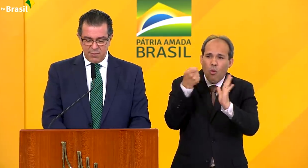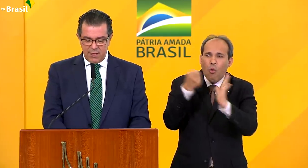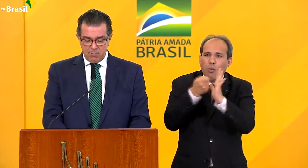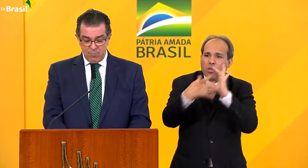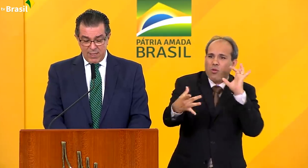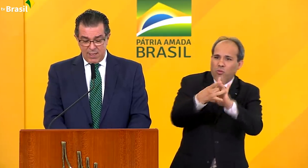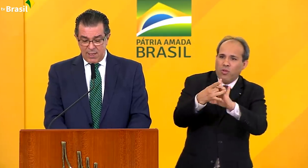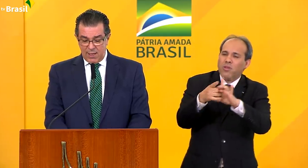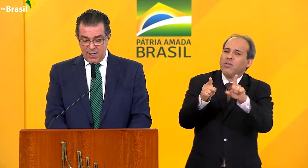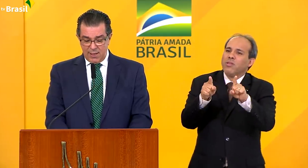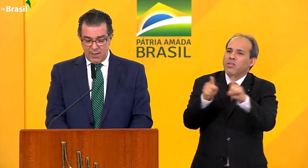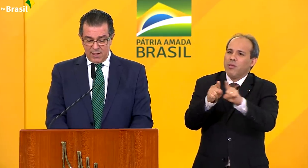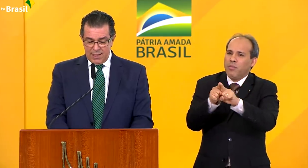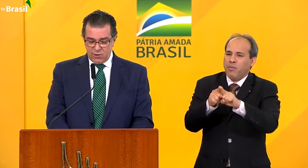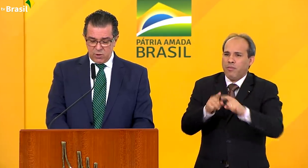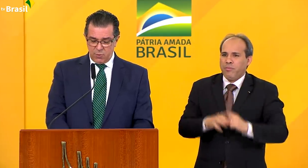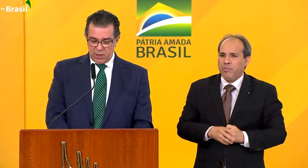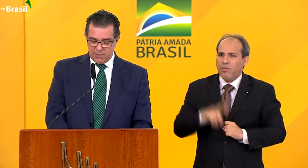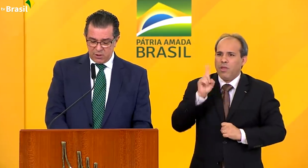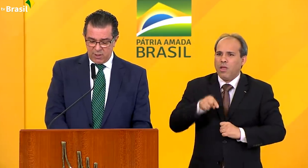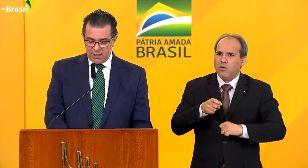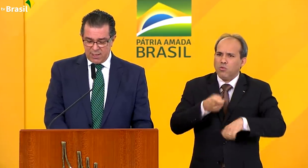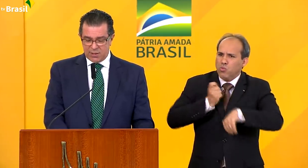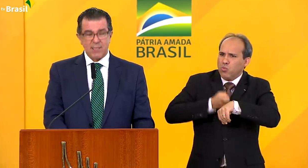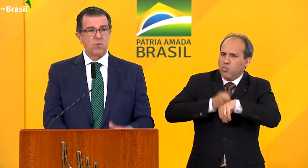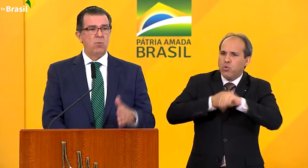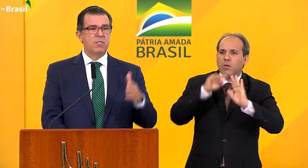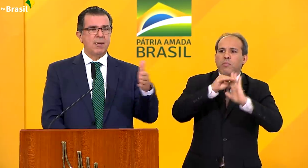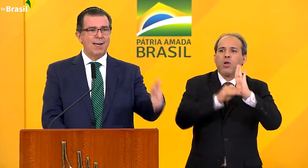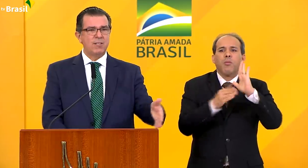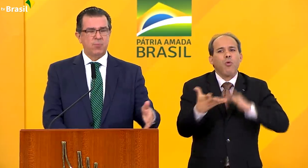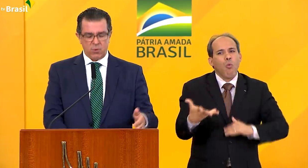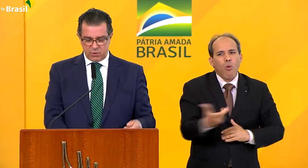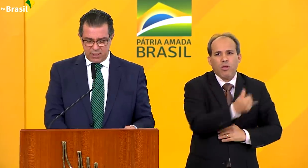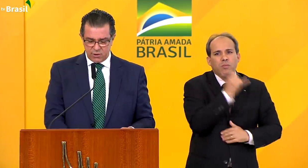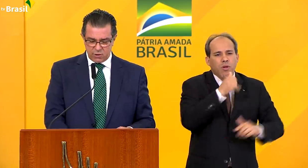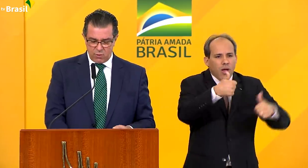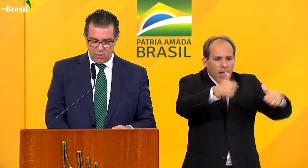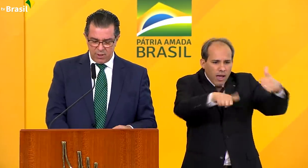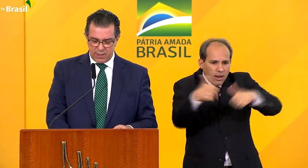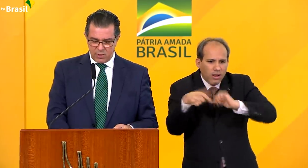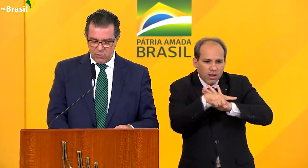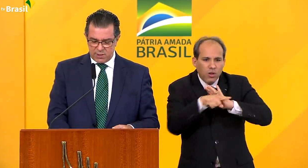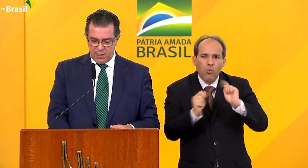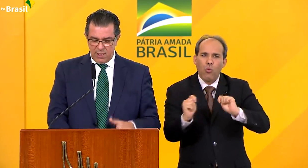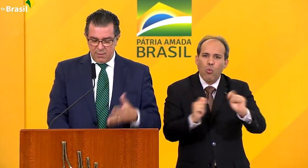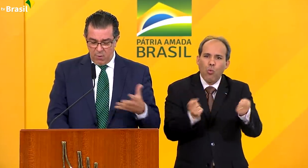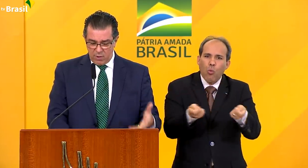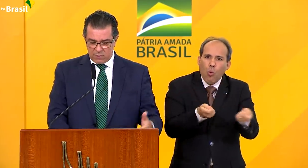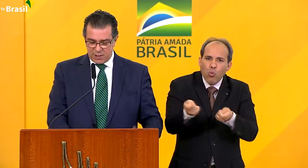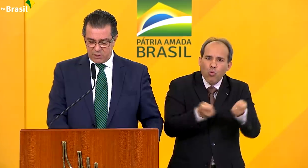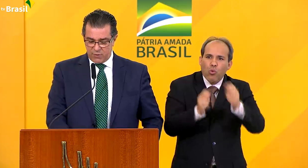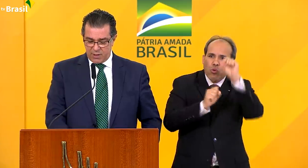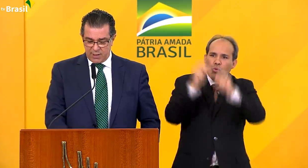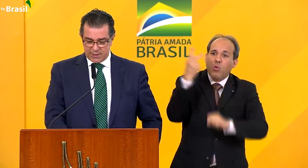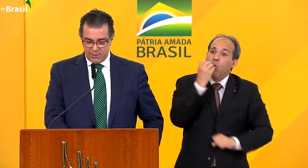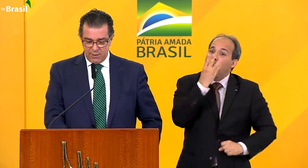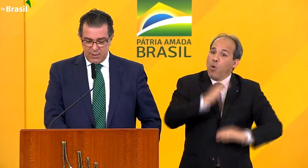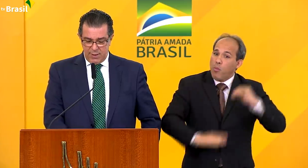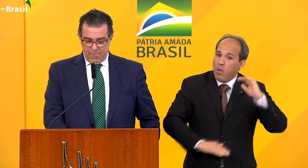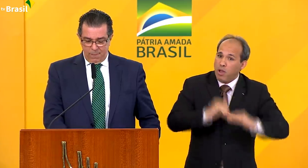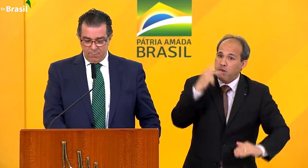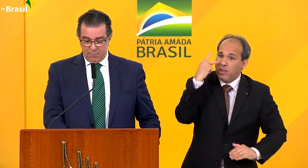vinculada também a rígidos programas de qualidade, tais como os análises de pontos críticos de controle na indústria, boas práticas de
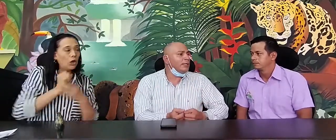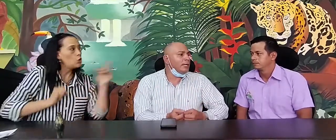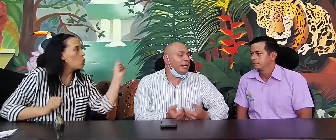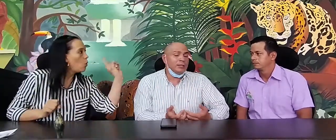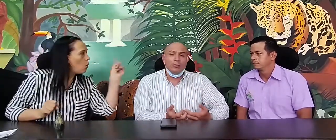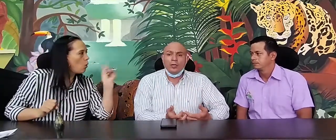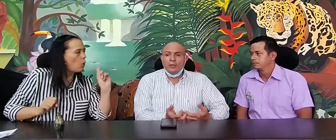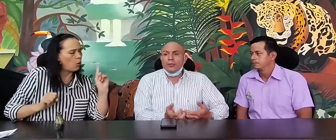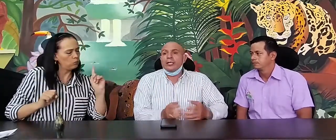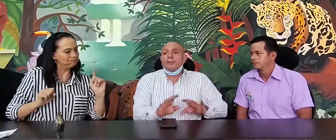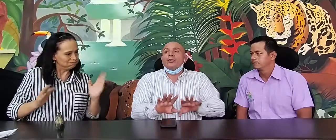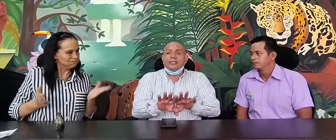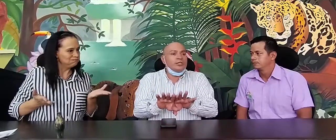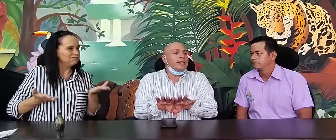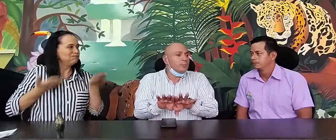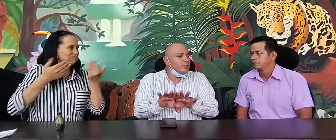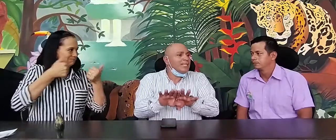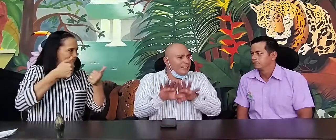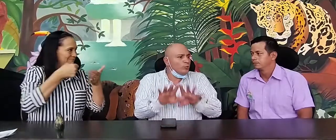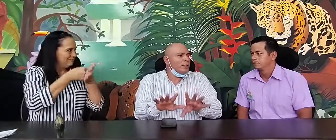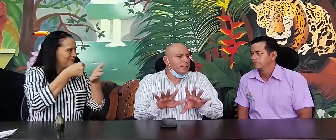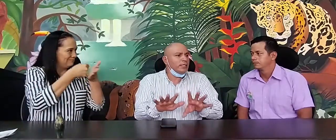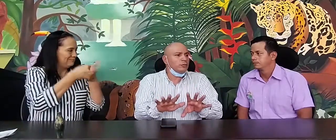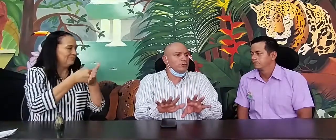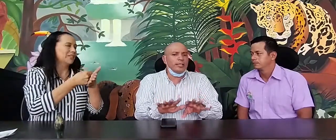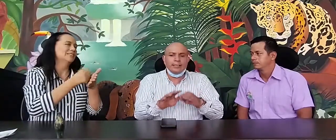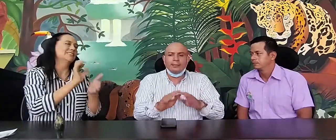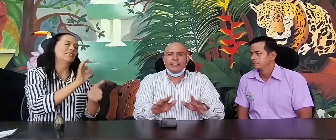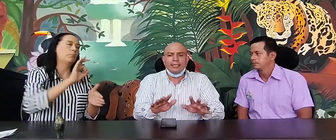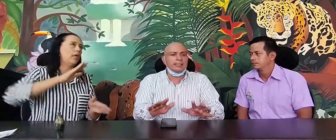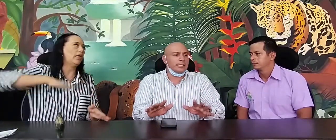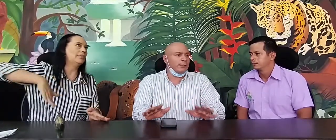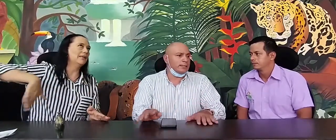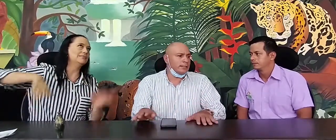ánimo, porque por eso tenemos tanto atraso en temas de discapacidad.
...
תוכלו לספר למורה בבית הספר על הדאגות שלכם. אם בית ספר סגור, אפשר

REQUIREMENT:
For this task, return exactly the stretch of the listing above from the line with "vinculada também a" through the line with "ánimo, porque por", inclusive and without pictures.

RESULT:
vinculada também a rígidos programas de qualidade, tais como os análises de pontos críticos de controle na indústria, boas práticas de
ánimo, porque por eso tenemos tanto atraso en temas de discapacidad.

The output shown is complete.